# A couple of decent pics of Gabriel



## AngelicScars (May 5, 2009)

I put Gabby (her nickname ) in her 10 gallon tonight. I managed to get a couple of good pics of her!


----------



## dramaqueen (Jul 7, 2008)

Ooohh, she is beautiful!!!


----------



## fishboy95 (Jun 16, 2009)

Aww she is so cute.


----------



## Shylynn (Jun 17, 2009)

very pretty girl


----------



## Philip The Fish (Apr 25, 2009)

aw shes so cute and small! she must feel like she owns the world in that tank!!


----------



## alphabetta (Jun 16, 2009)

gabby is a nice looking betta, too many people buy the many coloured bettas available, but you have gone for a natural and effective look. your tank, however seems a bit underdecorated, or is that just the camera angle? in my experience, bettas like densely planted tanks with (especialy) floasting plants.


----------



## AngelicScars (May 5, 2009)

That is just the top of the tank. That tank has 2 hiding caves and about 6 varies plant types/sizes.

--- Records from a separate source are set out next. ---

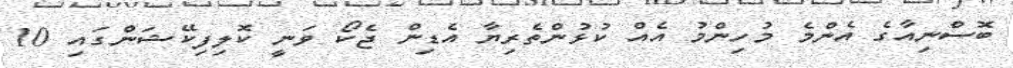
ބޮސްނިއާގެ އެންމެ މުހިންމު އެއް ކުޅުންތެރިޔާ އެޑިން ޖެކޯ ވަނީ ކޮލިފިކޭޝަންގައި 10
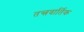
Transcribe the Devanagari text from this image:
तन्त्रवार्तिक
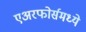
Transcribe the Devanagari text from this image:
एअरफोर्समध्ये
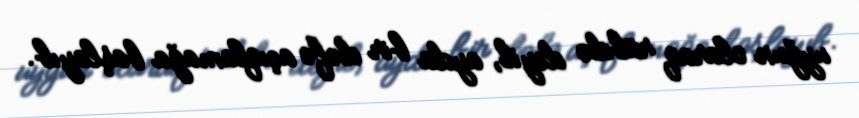
uyğun olaraq rübdə deyil, ayda bir dəfə açıqlamağa başlayıb.
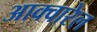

Gabriel actually loves to play in the current of the filter. Silly girl.


----------



## Luchi (May 20, 2009)

Aw, she's a cutie!


----------



## Vikki81207 (May 27, 2009)

She's so adorable!


----------



## ashleyALE (Jul 1, 2008)

the first picture is so cute. it made me think of the 'pokey little puppy'


----------



## LiyahsGrandma (May 29, 2009)

Gabby is so beautiful


----------



## LiyahsGrandma (May 29, 2009)

I love all bettas, no matter what the color : )


----------



## fishyinpa (Dec 25, 2008)

Pretty girl!! Love her coloring. Love all the betta colors!


----------



## Scienceluvr8 (May 17, 2009)

What a cutie!!! <3 Now I might want to get a female, where did you get her?


----------



## AngelicScars (May 5, 2009)

She came free with Castiel since there was an issue with shipping.


----------



## AlfaTheBeta (May 11, 2009)

she is a beautyful fish, and shes very cute


----------



## sunkissedinCA (May 7, 2009)

she's so pretty! ladybug likes to play in the current of her filter too haha.


----------



## AngelicScars (May 5, 2009)

I don't see why people go gaga over just the males. The females have such great coloring too. Plus, I swear my girls have way bigger personalities then the boys. They are so goofy and fun.


----------



## dramaqueen (Jul 7, 2008)

I think all bettas have great personalities. That's why we love them so much.


----------